Task description
Below are records; copy every line in them that holds the word "xlink".

Given information
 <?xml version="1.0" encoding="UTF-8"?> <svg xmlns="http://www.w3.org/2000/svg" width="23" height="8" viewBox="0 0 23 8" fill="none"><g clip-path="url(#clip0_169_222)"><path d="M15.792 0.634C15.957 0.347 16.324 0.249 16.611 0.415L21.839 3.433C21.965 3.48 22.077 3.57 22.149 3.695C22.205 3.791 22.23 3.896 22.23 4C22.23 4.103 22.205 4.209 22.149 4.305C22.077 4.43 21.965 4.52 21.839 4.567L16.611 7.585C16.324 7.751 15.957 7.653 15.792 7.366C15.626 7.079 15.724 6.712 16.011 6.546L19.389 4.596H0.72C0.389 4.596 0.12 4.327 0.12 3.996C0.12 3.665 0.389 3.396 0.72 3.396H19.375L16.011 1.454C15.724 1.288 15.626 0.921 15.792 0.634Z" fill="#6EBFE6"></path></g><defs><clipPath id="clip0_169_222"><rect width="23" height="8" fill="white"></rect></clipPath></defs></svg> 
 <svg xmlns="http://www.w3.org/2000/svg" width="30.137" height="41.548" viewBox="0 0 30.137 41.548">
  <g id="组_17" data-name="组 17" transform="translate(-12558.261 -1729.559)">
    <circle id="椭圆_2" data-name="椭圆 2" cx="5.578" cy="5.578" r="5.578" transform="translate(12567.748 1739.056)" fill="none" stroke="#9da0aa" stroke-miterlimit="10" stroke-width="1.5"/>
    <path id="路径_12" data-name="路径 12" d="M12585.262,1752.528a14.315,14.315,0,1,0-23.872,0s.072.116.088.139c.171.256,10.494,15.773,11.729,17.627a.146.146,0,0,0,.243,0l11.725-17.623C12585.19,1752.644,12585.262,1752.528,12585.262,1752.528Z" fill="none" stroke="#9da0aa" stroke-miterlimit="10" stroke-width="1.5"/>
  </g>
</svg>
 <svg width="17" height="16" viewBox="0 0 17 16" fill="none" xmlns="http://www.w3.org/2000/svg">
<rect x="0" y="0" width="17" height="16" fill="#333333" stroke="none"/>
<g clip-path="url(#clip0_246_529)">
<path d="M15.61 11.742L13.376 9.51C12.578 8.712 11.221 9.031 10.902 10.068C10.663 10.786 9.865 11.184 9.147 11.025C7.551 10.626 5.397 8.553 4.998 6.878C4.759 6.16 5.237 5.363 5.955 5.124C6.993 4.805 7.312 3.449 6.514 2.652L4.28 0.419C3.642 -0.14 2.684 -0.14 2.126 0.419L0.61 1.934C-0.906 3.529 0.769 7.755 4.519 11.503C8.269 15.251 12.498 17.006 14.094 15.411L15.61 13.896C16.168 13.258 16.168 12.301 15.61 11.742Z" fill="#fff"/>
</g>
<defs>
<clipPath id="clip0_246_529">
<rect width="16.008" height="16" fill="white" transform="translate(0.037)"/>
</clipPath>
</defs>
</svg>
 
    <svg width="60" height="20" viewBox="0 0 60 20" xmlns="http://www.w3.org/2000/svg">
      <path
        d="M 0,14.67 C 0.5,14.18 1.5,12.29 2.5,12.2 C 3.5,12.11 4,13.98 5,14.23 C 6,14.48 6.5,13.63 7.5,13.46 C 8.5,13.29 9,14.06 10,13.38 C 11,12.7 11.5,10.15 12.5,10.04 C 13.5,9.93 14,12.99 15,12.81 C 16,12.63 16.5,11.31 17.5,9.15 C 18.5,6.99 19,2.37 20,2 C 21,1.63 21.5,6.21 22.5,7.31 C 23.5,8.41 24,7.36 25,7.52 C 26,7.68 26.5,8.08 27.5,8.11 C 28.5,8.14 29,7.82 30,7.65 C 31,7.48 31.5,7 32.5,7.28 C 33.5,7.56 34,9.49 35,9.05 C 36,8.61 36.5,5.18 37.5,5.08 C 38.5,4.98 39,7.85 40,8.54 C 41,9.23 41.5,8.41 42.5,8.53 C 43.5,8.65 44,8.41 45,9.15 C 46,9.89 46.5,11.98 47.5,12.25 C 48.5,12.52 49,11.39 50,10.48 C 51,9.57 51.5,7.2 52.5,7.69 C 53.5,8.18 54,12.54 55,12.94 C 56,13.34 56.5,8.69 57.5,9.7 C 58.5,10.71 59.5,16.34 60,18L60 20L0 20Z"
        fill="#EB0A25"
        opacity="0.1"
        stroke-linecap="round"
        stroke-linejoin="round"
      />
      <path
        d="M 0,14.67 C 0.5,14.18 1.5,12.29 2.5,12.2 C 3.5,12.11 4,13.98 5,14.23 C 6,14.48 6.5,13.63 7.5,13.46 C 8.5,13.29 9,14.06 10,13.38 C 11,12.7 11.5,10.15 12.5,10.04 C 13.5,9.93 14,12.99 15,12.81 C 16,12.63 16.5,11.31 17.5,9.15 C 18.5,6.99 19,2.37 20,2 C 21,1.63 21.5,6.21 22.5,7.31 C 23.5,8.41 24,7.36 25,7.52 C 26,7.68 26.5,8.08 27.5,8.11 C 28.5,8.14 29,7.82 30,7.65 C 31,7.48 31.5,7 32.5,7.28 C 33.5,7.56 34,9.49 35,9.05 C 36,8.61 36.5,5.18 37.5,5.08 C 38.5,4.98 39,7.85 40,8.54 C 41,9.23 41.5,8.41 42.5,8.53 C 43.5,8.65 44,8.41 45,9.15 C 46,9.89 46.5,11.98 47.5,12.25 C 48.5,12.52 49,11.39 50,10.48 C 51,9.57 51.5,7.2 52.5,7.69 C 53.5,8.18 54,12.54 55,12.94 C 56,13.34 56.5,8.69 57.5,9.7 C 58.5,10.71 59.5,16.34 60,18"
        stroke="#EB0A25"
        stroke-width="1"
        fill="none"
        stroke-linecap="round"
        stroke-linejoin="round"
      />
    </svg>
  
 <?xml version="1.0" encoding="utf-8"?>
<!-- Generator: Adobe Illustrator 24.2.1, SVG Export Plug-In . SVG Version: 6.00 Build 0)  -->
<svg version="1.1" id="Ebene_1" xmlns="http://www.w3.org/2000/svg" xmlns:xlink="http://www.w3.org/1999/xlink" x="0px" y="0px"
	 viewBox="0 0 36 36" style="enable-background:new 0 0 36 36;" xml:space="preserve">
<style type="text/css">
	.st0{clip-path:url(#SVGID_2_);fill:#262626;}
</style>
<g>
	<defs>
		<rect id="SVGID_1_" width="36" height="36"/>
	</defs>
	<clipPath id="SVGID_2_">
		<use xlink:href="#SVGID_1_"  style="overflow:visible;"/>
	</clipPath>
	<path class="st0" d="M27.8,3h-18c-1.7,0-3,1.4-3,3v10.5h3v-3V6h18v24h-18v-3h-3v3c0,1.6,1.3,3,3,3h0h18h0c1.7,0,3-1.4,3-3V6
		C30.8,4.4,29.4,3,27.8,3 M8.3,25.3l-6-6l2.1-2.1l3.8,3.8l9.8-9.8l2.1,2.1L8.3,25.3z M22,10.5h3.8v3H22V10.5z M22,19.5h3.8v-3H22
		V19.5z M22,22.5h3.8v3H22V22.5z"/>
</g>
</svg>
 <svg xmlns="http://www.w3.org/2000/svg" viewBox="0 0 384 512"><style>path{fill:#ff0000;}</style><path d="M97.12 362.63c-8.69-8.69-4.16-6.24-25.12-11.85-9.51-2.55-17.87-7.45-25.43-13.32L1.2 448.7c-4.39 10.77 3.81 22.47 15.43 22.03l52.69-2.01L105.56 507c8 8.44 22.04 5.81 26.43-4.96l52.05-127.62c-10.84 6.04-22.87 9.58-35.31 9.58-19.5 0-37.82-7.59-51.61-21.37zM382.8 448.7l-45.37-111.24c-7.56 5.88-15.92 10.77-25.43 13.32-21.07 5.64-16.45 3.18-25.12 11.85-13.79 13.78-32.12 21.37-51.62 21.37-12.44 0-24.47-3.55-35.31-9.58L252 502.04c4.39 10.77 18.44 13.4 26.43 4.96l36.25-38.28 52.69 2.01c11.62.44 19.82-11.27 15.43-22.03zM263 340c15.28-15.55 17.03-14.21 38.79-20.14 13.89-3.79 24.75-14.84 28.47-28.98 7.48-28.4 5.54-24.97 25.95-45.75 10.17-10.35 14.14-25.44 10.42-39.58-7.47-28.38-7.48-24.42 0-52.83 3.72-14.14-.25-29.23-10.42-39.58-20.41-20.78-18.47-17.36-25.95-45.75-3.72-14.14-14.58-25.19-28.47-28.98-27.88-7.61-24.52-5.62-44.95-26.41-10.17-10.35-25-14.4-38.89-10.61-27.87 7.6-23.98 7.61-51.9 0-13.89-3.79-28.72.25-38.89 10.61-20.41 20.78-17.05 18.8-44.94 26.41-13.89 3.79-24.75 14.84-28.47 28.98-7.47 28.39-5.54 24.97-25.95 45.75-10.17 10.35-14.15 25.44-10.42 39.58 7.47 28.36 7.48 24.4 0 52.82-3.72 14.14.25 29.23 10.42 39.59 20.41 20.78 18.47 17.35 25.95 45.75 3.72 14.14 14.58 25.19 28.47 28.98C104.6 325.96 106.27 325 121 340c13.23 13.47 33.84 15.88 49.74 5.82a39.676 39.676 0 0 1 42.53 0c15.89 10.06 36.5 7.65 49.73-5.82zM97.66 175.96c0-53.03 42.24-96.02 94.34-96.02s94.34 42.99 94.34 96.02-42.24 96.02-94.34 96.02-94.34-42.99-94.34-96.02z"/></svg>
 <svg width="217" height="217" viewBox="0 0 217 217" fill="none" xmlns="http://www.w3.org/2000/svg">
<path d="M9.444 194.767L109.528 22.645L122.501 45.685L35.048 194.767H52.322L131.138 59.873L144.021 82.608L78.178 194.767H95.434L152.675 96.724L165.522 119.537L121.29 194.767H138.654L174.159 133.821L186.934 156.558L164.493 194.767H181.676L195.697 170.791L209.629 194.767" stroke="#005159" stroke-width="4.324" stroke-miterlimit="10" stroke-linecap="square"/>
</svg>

Exercise result
<svg version="1.1" id="Ebene_1" xmlns="http://www.w3.org/2000/svg" xmlns:xlink="http://www.w3.org/1999/xlink" x="0px" y="0px"
		<use xlink:href="#SVGID_1_"  style="overflow:visible;"/>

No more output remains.